We investigated the molecular basis of the variant X-linked CGD phenotype and response to interferon gamma (IFN-γ) in a kindred with a genomic DNA mutation recently identified as a single base substitution at the sixth position of CYBB gene first intron: ATT/gtaag t → ATT/gtaag c .9 14 This kindred has previously been shown to have phagocytes that are unusually responsive to IFN-γ, which nearly corrects the oxidase defect in vitro and in vivo.15 16 The current studies indicate that the dramatic effect of IFN-γ treatment in this kindred is largely due to posttranscriptional molecular mechanisms, including an increase of nuclear export of CYBB transcripts and improvement in the fidelity of splicing at the first intron.

Materials and methods

Subjects

Peripheral blood samples for cell culture and monocyte preparation were obtained from the patient and from healthy volunteers. The University of Massachusetts Medical Center Committees on Protection of Human Subjects in Research approved all procedures and consent forms.

Cell preparation

Epstein-Barr virus (EBV)-transformed B lymphocytes were developed from peripheral blood mononuclear cells of healthy donors and from the patient with variant X-linked CGD. To initiate B-lymphocyte cultures, peripheral blood was fractionated by Ficoll-Hypaque centrifugation17 and the mononuclear cells were cultured with supernatants from B95-8, an EBV-producer cell line.18 19 After EBV-transformation, B lymphocytes from healthy donors or from the patient with CGD were cultured in RPMI 1640 medium supplemented with 10% heat inactivated fetal bovine serum, 2 mmol/L L-glutamine, 100 U/mL penicillin, and 100 μg/mL streptomycin, at 37°C in a humid atmosphere with 5% CO2. To examine the effects of cytokines, EBV-transformed B lymphocytes were cultured for 7 days with human recombinant IFN-γ (100 U/mL), tumor necrosis factor-alpha (TNF-αb 1000 U/mL), alone or in combination. These cytokines were chosen because they have well-characterized receptors and transduction mechanisms in B lymphocytes,20 21 and are strong stimulators of the NADPH oxidase system in phagocytic cell lines.22-24 In addition, the phagocytes of this CGD kindred show a dramatic response to IFN-γ both in vitro and in vivo.15 16 Cell counts and viability, monitored on a daily basis, were always above 90%.

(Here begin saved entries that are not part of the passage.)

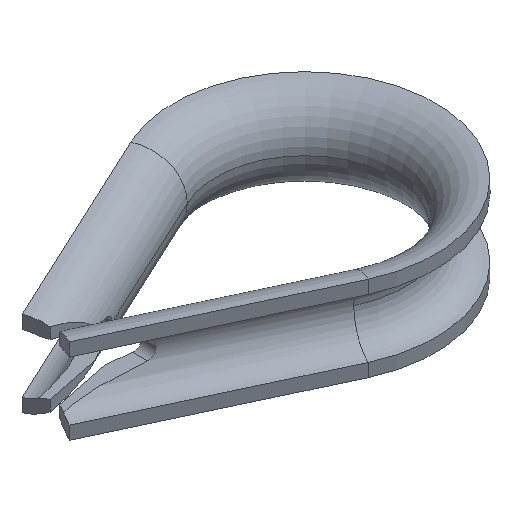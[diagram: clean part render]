
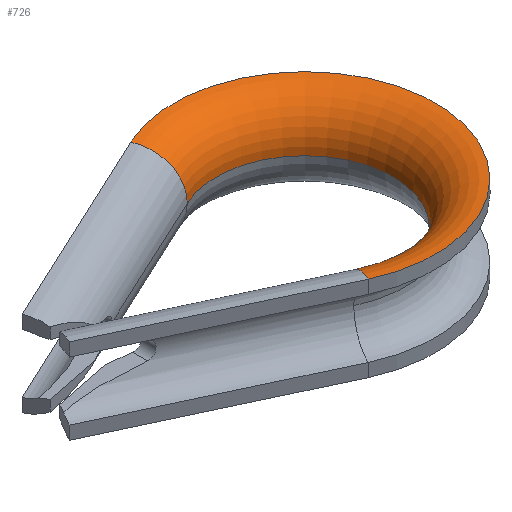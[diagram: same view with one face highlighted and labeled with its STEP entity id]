
A CAD part, isometric view. The second image highlights one B-rep face of the part: STEP entity #726.
In plain terms, the highlighted toroidal (fillet/blend) face has major radius 14 mm and minor radius 4.555 mm.
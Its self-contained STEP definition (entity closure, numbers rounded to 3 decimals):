
#32 = DIRECTION ( 'NONE',  ( -0.906, -0.423, 0. ) ) ;
#84 = EDGE_LOOP ( 'NONE', ( #832, #182, #500, #554 ) ) ;
#104 = CIRCLE ( 'NONE', #528, 4.555 ) ;
#106 = CIRCLE ( 'NONE', #595, 4.555 ) ;
#107 = CARTESIAN_POINT ( 'NONE',  ( -5.917, -12.688, 4.555 ) ) ;
#145 = AXIS2_PLACEMENT_3D ( 'NONE', #712, #263, #197 ) ;
#153 = VERTEX_POINT ( 'NONE', #530 ) ;
#182 = ORIENTED_EDGE ( 'NONE', *, *, #517, .T. ) ;
#193 = TOROIDAL_SURFACE ( 'NONE', #753, 14., 4.555 ) ;
#197 = DIRECTION ( 'NONE',  ( -1., 0., 0. ) ) ;
#263 = DIRECTION ( 'NONE',  ( 0., 0., -1. ) ) ;
#265 = CARTESIAN_POINT ( 'NONE',  ( -5.917, 12.688, 0. ) ) ;
#296 = CARTESIAN_POINT ( 'NONE',  ( -5.917, -12.688, 0. ) ) ;
#347 = EDGE_CURVE ( 'NONE', #741, #964, #768, .T. ) ;
#355 = DIRECTION ( 'NONE',  ( -1., 0., 0. ) ) ;
#370 = EDGE_CURVE ( 'NONE', #979, #741, #106, .T. ) ;
#409 = AXIS2_PLACEMENT_3D ( 'NONE', #880, #812, #355 ) ;
#410 = CARTESIAN_POINT ( 'NONE',  ( -5.917, 12.688, 4.555 ) ) ;
#441 = DIRECTION ( 'NONE',  ( 0., 0., 1. ) ) ;
#500 = ORIENTED_EDGE ( 'NONE', *, *, #861, .T. ) ;
#515 = DIRECTION ( 'NONE',  ( 0.906, -0.423, 0. ) ) ;
#517 = EDGE_CURVE ( 'NONE', #979, #153, #779, .T. ) ;
#528 = AXIS2_PLACEMENT_3D ( 'NONE', #296, #515, #441 ) ;
#530 = CARTESIAN_POINT ( 'NONE',  ( -3.992, -8.56, 0. ) ) ;
#554 = ORIENTED_EDGE ( 'NONE', *, *, #347, .F. ) ;
#565 = CARTESIAN_POINT ( 'NONE',  ( 0., 0., 0. ) ) ;
#570 = CARTESIAN_POINT ( 'NONE',  ( -3.992, 8.56, 0. ) ) ;
#595 = AXIS2_PLACEMENT_3D ( 'NONE', #265, #32, #794 ) ;
#621 = FACE_OUTER_BOUND ( 'NONE', #84, .T. ) ;
#712 = CARTESIAN_POINT ( 'NONE',  ( 0., 0., 4.555 ) ) ;
#726 = ADVANCED_FACE ( 'NONE', ( #621 ), #193, .T. ) ;
#741 = VERTEX_POINT ( 'NONE', #410 ) ;
#753 = AXIS2_PLACEMENT_3D ( 'NONE', #565, #797, #878 ) ;
#768 = CIRCLE ( 'NONE', #145, 14. ) ;
#779 = CIRCLE ( 'NONE', #409, 9.445 ) ;
#794 = DIRECTION ( 'NONE',  ( 0., 0., 1. ) ) ;
#797 = DIRECTION ( 'NONE',  ( 0., 0., -1. ) ) ;
#812 = DIRECTION ( 'NONE',  ( 0., 0., -1. ) ) ;
#832 = ORIENTED_EDGE ( 'NONE', *, *, #370, .F. ) ;
#861 = EDGE_CURVE ( 'NONE', #153, #964, #104, .T. ) ;
#878 = DIRECTION ( 'NONE',  ( -1., 0., 0. ) ) ;
#880 = CARTESIAN_POINT ( 'NONE',  ( 0., 0., 0. ) ) ;
#964 = VERTEX_POINT ( 'NONE', #107 ) ;
#979 = VERTEX_POINT ( 'NONE', #570 ) ;

RNA from the monocytes of the patient with CGD was generously provided by Dr R. A. B. Ezekowitz. Monocytes were isolated as adherent cells from the peripheral blood mononuclear cells of the patient with variant X-linked CGD, before and after IFN-γ therapy,25 as previously described.15 16

Structure of RNA transcripts

The kindred's entire CYBB gene coding region and proximal 5′ flanking region has previously been shown to have a normal structure by the analysis of single strand conformation polymorphisms9 and by complementary DNA (cDNA) sequencing (R. A. B. Ezekowitz and P. E. Newburger, unpublished data). We restudied the patient's transcripts in the regions neighboring the affected intron, using polymerase chain reaction (PCR) amplification of cDNA produced by reverse transcription (RT) of total RNA, isolated by the guanidine HCl method26 from the CGD and B-cell lines. Reverse transcription was performed with SuperScript II RT (GIBCO BRL, Gaithersburg, MD) from random hexamer primers. The cDNA was amplified by a 2-stage nested PCR, with forward primers corresponding to nucleotides 3→34 (5′→3′) and 32→64 (5′→3′) and reverse primers corresponding to nucleotides 572→540 (3′→5′) and 537→503 (3′→5′) ofCYBB cDNA sequence (GenBank accession number x04011). The resultant PCR products were analyzed on agarose gels stained with ethidium bromide, extracted from gels, subcloned into pBluescript (Stratagene, La Jolla, CA), and sequenced by the ABI PRISM Dye Terminator Cycle Sequencing method (Perkin Elmer, Foster City, CA).

Gene expression studies

Northern blot analysis of total cell RNA, extracted from EBV-transformed B lymphocytes by the guanidine HCl method,26 was performed according to standard procedures.27 Hybridization probes were full-length cDNAs for the human CYBB 6 and NCF1 28genes, encoding gp91-phox and p47-phox, respectively. The procedures for sequential cycles of filter stripping and reprobing were performed as previously described.29 Equal loading of lanes was demonstrated by the examination of gels after ethidium bromide staining and by rehybridization with a 5.8-kilobase (kb)HindIII restriction fragment of rat 18S ribosomal cDNA.30 Positive control RNA was obtained from HL-60 cells differentiated with dimethyl formamide, and negative control RNA from HeLa cells.24 31 Levels of message in CGD cells were measured quantitatively by a computer analysis of phosphorimager data and compared with normal cells. We have found that the oxidase component p47-phox is expressed in parallel with gp91-phox in EBV-transformed B cells, phagocyte cell lines, and monocyte-derived macrophages22 32; so levels of the p47-phox transcript served as a reference for comparison of the gp91-phox hybridization signals from the CGD and normal EBV-transformed B cell lines.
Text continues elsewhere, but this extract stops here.